她有一次趁着亲妈在,故意去别人窝里,惨遭亲妈提回去给了屁股两巴掌,严厉告诫不准踏进去。
群居的野人们还是很有各自的领地意识的。
……
景平安跟着小野人们疯玩,虽说没少摔跟斗挨打被抓挠,但享受到了放养疯玩的乐趣,同时野人语言进步飞快,不过仅限于日常交流,吃、喝、爬、跑、危险、不要靠近等用语,再就是些吵架骂人的话。野人们吵架的词汇比日常词汇丰富得多,这让景平安挺无语的。
疯玩兼学习的日子过得飞快,转眼便到了夏天。
年初刚找到伴侣的成年女野人们的肚子纷纷鼓了起来,怀上宝宝了。
让景平安三观碎裂的是,女野人们一旦发现自己怀上宝宝,便会把男性伴侣赶走,可谓是用完就扔。
景平安毫不怀疑自己的爸也是这么被赶走的。
不过想想也是,女野人怀孩子本就辛苦,狩猎觅食都会影响,很多时候还得靠吃族里的低保,哪有余力去养男人。

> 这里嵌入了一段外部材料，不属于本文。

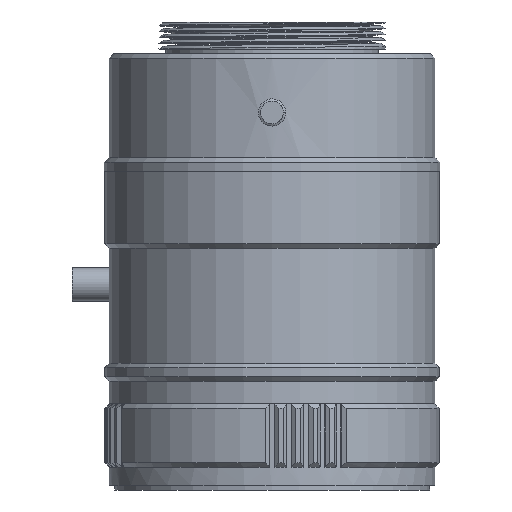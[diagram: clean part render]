
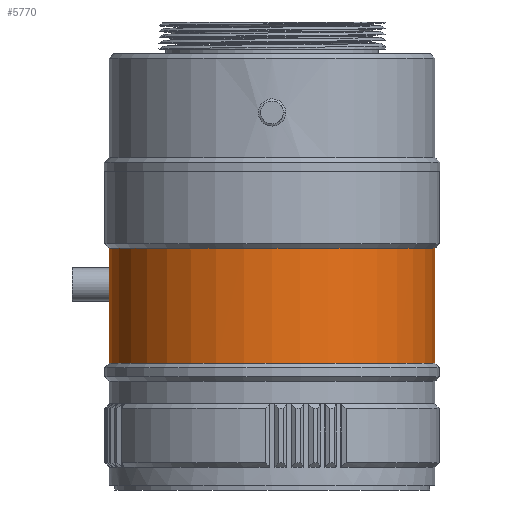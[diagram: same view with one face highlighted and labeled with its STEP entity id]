
A CAD part, left-side view. The second image highlights one B-rep face of the part: STEP entity #5770.
In plain terms, the highlighted cylindrical face has radius 18 mm (diameter 36 mm), a partial arc.
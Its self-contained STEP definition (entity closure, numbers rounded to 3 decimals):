
#221 = CARTESIAN_POINT ( 'NONE',  ( 17.596, -3.795, -41.758 ) ) ;
#245 = CIRCLE ( 'NONE', #3221, 18. ) ;
#283 = VECTOR ( 'NONE', #8429, 1000. ) ;
#564 = ORIENTED_EDGE ( 'NONE', *, *, #4578, .T. ) ;
#1504 = CARTESIAN_POINT ( 'NONE',  ( 13.789, 11.57, -59.549 ) ) ;
#1758 = CARTESIAN_POINT ( 'NONE',  ( 0., 0., -39.049 ) ) ;
#1908 = EDGE_CURVE ( 'NONE', #7751, #17307, #8803, .T. ) ;
#2130 = ORIENTED_EDGE ( 'NONE', *, *, #7729, .T. ) ;
#2175 = ORIENTED_EDGE ( 'NONE', *, *, #9933, .T. ) ;
#2546 = ORIENTED_EDGE ( 'NONE', *, *, #1908, .T. ) ;
#2820 = CARTESIAN_POINT ( 'NONE',  ( 17.663, -3.471, -41.044 ) ) ;
#3100 = CARTESIAN_POINT ( 'NONE',  ( 17.556, -3.974, -42.524 ) ) ;
#3198 = CARTESIAN_POINT ( 'NONE',  ( 17.972, -1.044, -39.179 ) ) ;
#3221 = AXIS2_PLACEMENT_3D ( 'NONE', #1758, #4207, #6054 ) ;
#4077 = VERTEX_POINT ( 'NONE', #4581 ) ;
#4207 = DIRECTION ( 'NONE',  ( 0., 0., -1. ) ) ;
#4578 = EDGE_CURVE ( 'NONE', #9673, #7751, #13457, .T. ) ;
#4581 = CARTESIAN_POINT ( 'NONE',  ( 18., 0., -39.049 ) ) ;
#4607 = AXIS2_PLACEMENT_3D ( 'NONE', #11240, #16949, #17130 ) ;
#4651 = VECTOR ( 'NONE', #6703, 1000. ) ;
#4776 = VERTEX_POINT ( 'NONE', #16811 ) ;
#5240 = CARTESIAN_POINT ( 'NONE',  ( 13.789, -11.57, -43.049 ) ) ;
#5538 = CARTESIAN_POINT ( 'NONE',  ( 17.55, -4., -43.049 ) ) ;
#5589 = ORIENTED_EDGE ( 'NONE', *, *, #10490, .T. ) ;
#5770 = ADVANCED_FACE ( 'NONE', ( #7913 ), #18200, .T. ) ;
#5789 = LINE ( 'NONE', #1504, #283 ) ;
#5813 = CARTESIAN_POINT ( 'NONE',  ( 17.835, -2.445, -39.873 ) ) ;
#5910 = CARTESIAN_POINT ( 'NONE',  ( 17.914, -1.777, -39.456 ) ) ;
#6054 = DIRECTION ( 'NONE',  ( 1., 0., 0. ) ) ;
#6157 = ORIENTED_EDGE ( 'NONE', *, *, #6323, .T. ) ;
#6323 = EDGE_CURVE ( 'NONE', #17028, #10176, #12374, .T. ) ;
#6370 = CARTESIAN_POINT ( 'NONE',  ( 13.789, 11.57, -43.049 ) ) ;
#6703 = DIRECTION ( 'NONE',  ( 0., 0., -1. ) ) ;
#6831 = CIRCLE ( 'NONE', #12508, 18. ) ;
#7232 = CARTESIAN_POINT ( 'NONE',  ( 17.747, -3.013, -40.406 ) ) ;
#7729 = EDGE_CURVE ( 'NONE', #4776, #17028, #16950, .T. ) ;
#7751 = VERTEX_POINT ( 'NONE', #14693 ) ;
#7913 = FACE_OUTER_BOUND ( 'NONE', #8364, .T. ) ;
#8364 = EDGE_LOOP ( 'NONE', ( #2130, #6157, #2175, #18499, #12346, #564, #2546, #5589 ) ) ;
#8429 = DIRECTION ( 'NONE',  ( 0., 0., -1. ) ) ;
#8795 = DIRECTION ( 'NONE',  ( 1., 0., 0. ) ) ;
#8803 = CIRCLE ( 'NONE', #4607, 18. ) ;
#8825 = CARTESIAN_POINT ( 'NONE',  ( 17.994, -0.527, -39.075 ) ) ;
#9088 = EDGE_CURVE ( 'NONE', #4077, #9673, #245, .T. ) ;
#9188 = AXIS2_PLACEMENT_3D ( 'NONE', #11881, #10298, #8795 ) ;
#9640 = VERTEX_POINT ( 'NONE', #13611 ) ;
#9673 = VERTEX_POINT ( 'NONE', #12384 ) ;
#9811 = EDGE_CURVE ( 'NONE', #9640, #4077, #18155, .T. ) ;
#9933 = EDGE_CURVE ( 'NONE', #10176, #9640, #6831, .T. ) ;
#10138 = CARTESIAN_POINT ( 'NONE',  ( 17.638, -3.594, -41.274 ) ) ;
#10176 = VERTEX_POINT ( 'NONE', #5240 ) ;
#10236 = CARTESIAN_POINT ( 'NONE',  ( 17.717, -3.181, -40.61 ) ) ;
#10298 = DIRECTION ( 'NONE',  ( 0., 0., 1. ) ) ;
#10330 = CARTESIAN_POINT ( 'NONE',  ( 18., 0., -39.049 ) ) ;
#10490 = EDGE_CURVE ( 'NONE', #17307, #4776, #5789, .T. ) ;
#10648 = AXIS2_PLACEMENT_3D ( 'NONE', #13989, #15119, #13621 ) ;
#11240 = CARTESIAN_POINT ( 'NONE',  ( 0., 0., -43.049 ) ) ;
#11441 = CARTESIAN_POINT ( 'NONE',  ( 17.955, -1.297, -39.256 ) ) ;
#11724 = CARTESIAN_POINT ( 'NONE',  ( 17.805, -2.646, -40.038 ) ) ;
#11881 = CARTESIAN_POINT ( 'NONE',  ( 0., 0., -51.749 ) ) ;
#12047 = CARTESIAN_POINT ( 'NONE',  ( 17.731, 3.1, -59.549 ) ) ;
#12346 = ORIENTED_EDGE ( 'NONE', *, *, #9088, .T. ) ;
#12374 = LINE ( 'NONE', #13688, #16639 ) ;
#12384 = CARTESIAN_POINT ( 'NONE',  ( 17.731, 3.1, -39.049 ) ) ;
#12508 = AXIS2_PLACEMENT_3D ( 'NONE', #14724, #16491, #17529 ) ;
#13031 = CARTESIAN_POINT ( 'NONE',  ( 17.579, -3.872, -42.012 ) ) ;
#13457 = LINE ( 'NONE', #12047, #4651 ) ;
#13611 = CARTESIAN_POINT ( 'NONE',  ( 17.55, -4., -43.049 ) ) ;
#13621 = DIRECTION ( 'NONE',  ( 1., 0., 0. ) ) ;
#13688 = CARTESIAN_POINT ( 'NONE',  ( 13.789, -11.57, -59.549 ) ) ;
#13873 = DIRECTION ( 'NONE',  ( 0., 0., 1. ) ) ;
#13989 = CARTESIAN_POINT ( 'NONE',  ( 0., 0., -59.549 ) ) ;
#14631 = CARTESIAN_POINT ( 'NONE',  ( 17.889, -2.008, -39.58 ) ) ;
#14693 = CARTESIAN_POINT ( 'NONE',  ( 17.731, 3.1, -43.049 ) ) ;
#14724 = CARTESIAN_POINT ( 'NONE',  ( 0., 0., -43.049 ) ) ;
#15119 = DIRECTION ( 'NONE',  ( 0., 0., 1. ) ) ;
#16491 = DIRECTION ( 'NONE',  ( 0., 0., 1. ) ) ;
#16639 = VECTOR ( 'NONE', #13873, 1000. ) ;
#16811 = CARTESIAN_POINT ( 'NONE',  ( 13.789, 11.57, -51.749 ) ) ;
#16949 = DIRECTION ( 'NONE',  ( 0., 0., 1. ) ) ;
#16950 = CIRCLE ( 'NONE', #9188, 18. ) ;
#16970 = CARTESIAN_POINT ( 'NONE',  ( 17.55, -4., -42.784 ) ) ;
#17028 = VERTEX_POINT ( 'NONE', #18231 ) ;
#17064 = CARTESIAN_POINT ( 'NONE',  ( 18., -0.265, -39.049 ) ) ;
#17130 = DIRECTION ( 'NONE',  ( 1., 0., 0. ) ) ;
#17307 = VERTEX_POINT ( 'NONE', #6370 ) ;
#17529 = DIRECTION ( 'NONE',  ( 1., 0., 0. ) ) ;
#18155 = B_SPLINE_CURVE_WITH_KNOTS ( 'NONE', 3,
 ( #5538, #16970, #3100, #13031, #221, #10138, #2820, #10236, #7232, #11724, #5813, #14631, #5910, #11441, #3198, #8825, #17064, #10330 ),
 .UNSPECIFIED., .F., .F.,
 ( 4, 2, 2, 2, 2, 2, 2, 2, 4 ),
 ( 0., 0.001, 0.002, 0.002, 0.003, 0.004, 0.005, 0.005, 0.006 ),
 .UNSPECIFIED. ) ;
#18200 = CYLINDRICAL_SURFACE ( 'NONE', #10648, 18. ) ;
#18231 = CARTESIAN_POINT ( 'NONE',  ( 13.789, -11.57, -51.749 ) ) ;
#18499 = ORIENTED_EDGE ( 'NONE', *, *, #9811, .T. ) ;

随着夏天到来,成年男野人陆续被赶走,山洞里那些五六岁以上的小野人们天天跟着各自的母亲出去学习生存技能,失去母亲的小野人则跟着首领出去。
景平安的小伙伴一下子都少了大半。
她过了最初的新鲜劲,也不乐意天天跟着小野人们疯玩,所谓未雨绸缪,虽说离入冬还早,也得早做准备。
石头、棍棒等武器已经普及开来,连小野人都会用了,这大大增加了捕猎效率,带回来的动物逐渐增多,偶尔还有鸟类。兽皮、鸟毛都是不能吃的,以前都被遗弃了。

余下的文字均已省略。